Life and Ritual in Old Siam: Three Studies of Thai Life and Customs

Excerpt

I will tell about farming, which everyone knows and can tell about. It seems at first glance that farming is a simple matter; everyone knows about it, just as everyone knows how to cook rice, the daily duty of the housewife. If anyone wants to know about it, he can ask questions himself; it is not necessary to explain it. Therefore no one has written a book on this subject, since no one would want it. It is true that there are books on auspices, or textbooks on modern agriculture and its superiority to old farming methods. But these do not help us to understand the life of the farmer, and so I have written a book about farmers as they were in the old times.

I feel that no story is so hard to tell as the story of farming.
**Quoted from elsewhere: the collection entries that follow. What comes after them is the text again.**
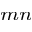
_ { m n }
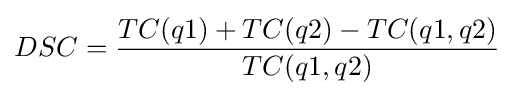
DSC={TC(q1)+TC(q2)-TC(q1,q2) \over TC(q1,q2)}
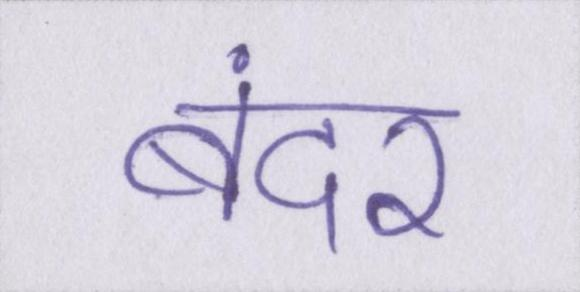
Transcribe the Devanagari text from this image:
बंदर
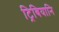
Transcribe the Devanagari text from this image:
ट्रिबियानि
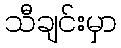
သီချင်းမှာ
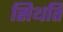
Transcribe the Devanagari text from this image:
सिथति
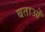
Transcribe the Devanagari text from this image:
बताओं
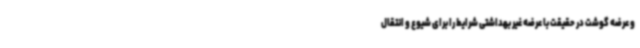
و عرضه گوشت در حقیقت با عرضه غیر بهداشتی شرایط را برای شیوع و انتقال
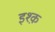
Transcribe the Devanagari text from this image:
इश्‍क़
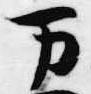
万
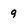
Character: 9
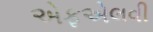
એફએલવી
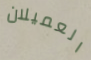
العميلان
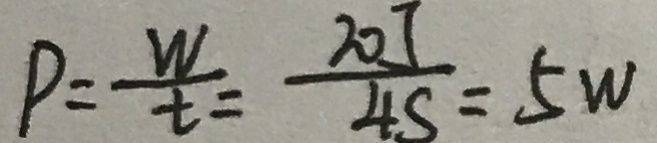
P = \frac { W } { t } = \frac { 2 0 1 } { 4 S } = 5 W
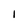
Character: I
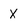
Character: X
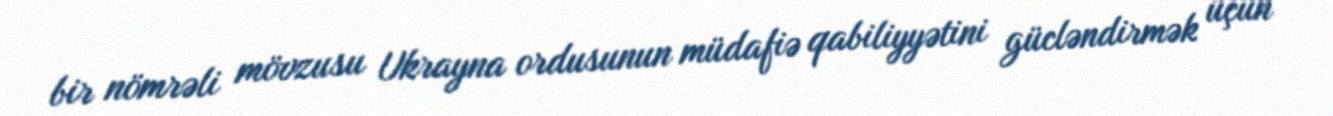
bir nömrəli mövzusu Ukrayna ordusunun müdafiə qabiliyyətini gücləndirmək üçün
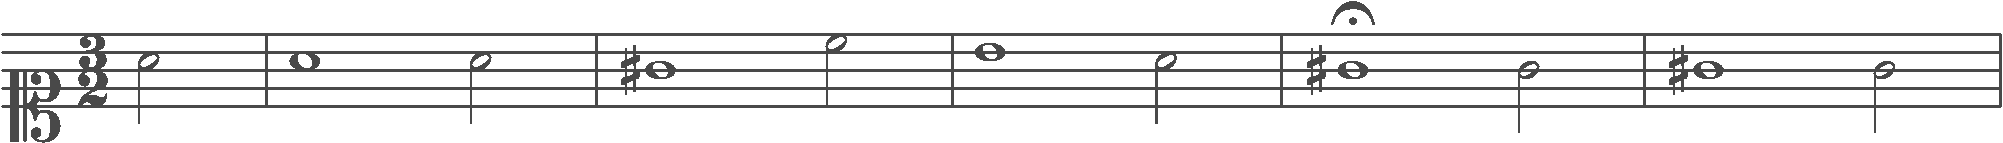
Transcription: clef-C1 timeSignature-3/2 note-A4_half barline note-A4_whole note-A4_half barline note-G#4_whole note-C5_half barline note-B4_whole note-A4_half barline note-G#4_whole_fermata note-G4_half barline note-G#4_whole note-G4_half barline
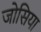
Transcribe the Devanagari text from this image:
जोसिया
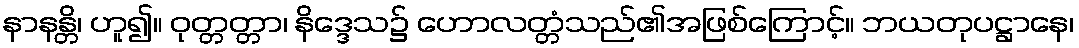
နာနန္တိ၊ ဟူ၍။ ဝုတ္တတ္တာ၊ နိဒ္ဒေသ၌ ဟောလတ္တံသည်၏အဖြစ်ကြောင့်။ ဘယတုပဋ္ဌာနေ၊
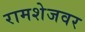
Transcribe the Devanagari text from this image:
रामशेजवर
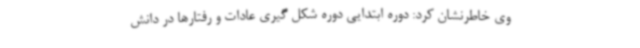
وی خاطرنشان کرد: دوره ابتدایی دوره شکل گیری عادات و رفتارها در دانش
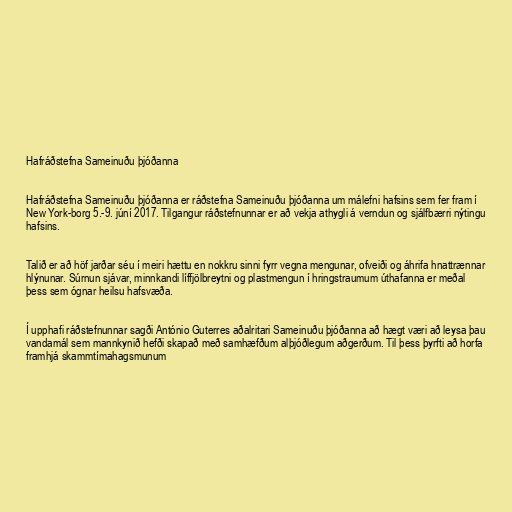
Hafráðstefna Sameinuðu þjóðanna

Hafráðstefna Sameinuðu þjóðanna er ráðstefna Sameinuðu þjóðanna um málefni hafsins sem fer fram í
New York-borg 5.-9. júní 2017. Tilgangur ráðstefnunnar er að vekja athygli á verndun og sjálfbærri nýtingu
hafsins.

Talið er að höf jarðar séu í meiri hættu en nokkru sinni fyrr vegna mengunar, ofveiði og áhrifa hnattrænnar
hlýnunar. Súrnun sjávar, minnkandi líffjölbreytni og plastmengun í hringstraumum úthafanna er meðal
þess sem ógnar heilsu hafsvæða.

Í upphafi ráðstefnunnar sagði António Guterres aðalritari Sameinuðu þjóðanna að hægt væri að leysa þau
vandamál sem mannkynið hefði skapað með samhæfðum alþjóðlegum aðgerðum. Til þess þyrfti að horfa
framhjá skammtímahagsmunum
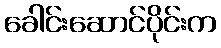
ခေါင်းဆောင်ပိုင်းက
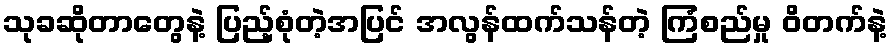
သုခဆိုတာတွေနဲ့ ပြည့်စုံတဲ့အပြင် အလွန်ထက်သန်တဲ့ ကြံစည်မှု ဝိတက်နဲ့
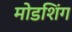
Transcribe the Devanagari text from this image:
मोडशिंग
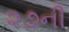
૨૭ની
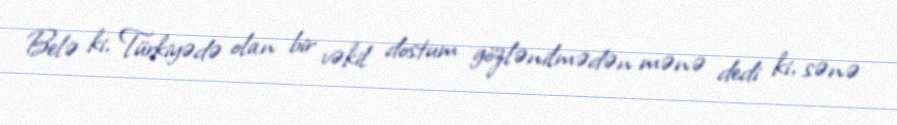
Belə ki, Türkiyədə olan bir vəkil dostum gözlənilmədən mənə dedi ki, sənə
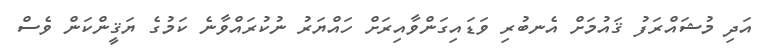
އަދި މުޝައްރަފު ޤައުމަށް އެނބުރި ވަޑައިގަންވާއިރަށް ހައްޔަރު ނުކުރައްވާނެ ކަމުގެ ޔަޤީންކަން ވެސް
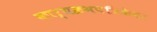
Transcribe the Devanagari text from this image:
कार्यक्रमपत्रिकेवर
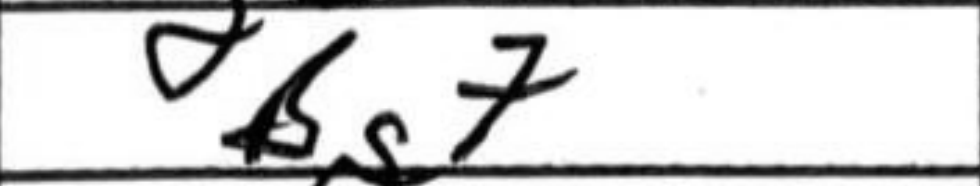
Transcription: Bg7
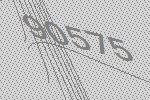
90575
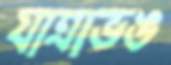
যাত্রাভঙ
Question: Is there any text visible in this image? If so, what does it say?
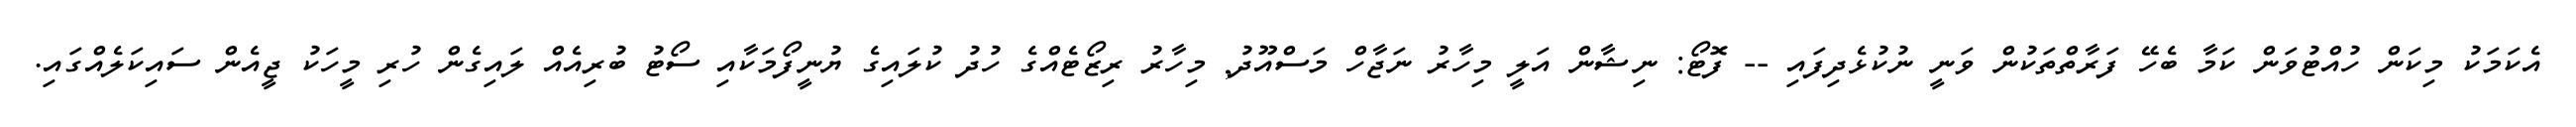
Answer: އެކަމަކު މިކަން ހުއްޓުވަން ކަމާ ބެހޭ ފަރާތްތަކުން ވަނީ ނުކުޅެދިފައި -- ފޮޓޯ: ނިޝާން އަލީ މިހާރު ނަޖާހް މަސްއޫދު, މިހާރު ރިޒޯޓެއްގެ ހުދު ކުލައިގެ ޔުނީފޯމަކާއި ސޯޓު ބުރިއެއް ލައިގެން ހުރި މީހަކު ޖީއެން ސައިކަލެއްގައި.

If one were to make comparison, it is like telling the story of oxen and buffaloes; if you make an error, even children know you are wrong. Moreover it is a simple, unexciting subject, which everyone knows. It is much better to tell about lions or nymphs, because if you make a mistake, no one knows it, for these exist only in legends and no one would dare say you were wrong. Or if you tell about camels or seals it is still better than telling about oxen and buffaloes, because these animals do not exist in our country. Even if we have never seen them, we have books written by others, and it is easy to write from them without being afraid of making a mistake. Also people prefer to listen, because it is unusual, whereas the subject of oxen and buffaloes is like "grass at the gate of the pen"; it is easy and yet it is difficult.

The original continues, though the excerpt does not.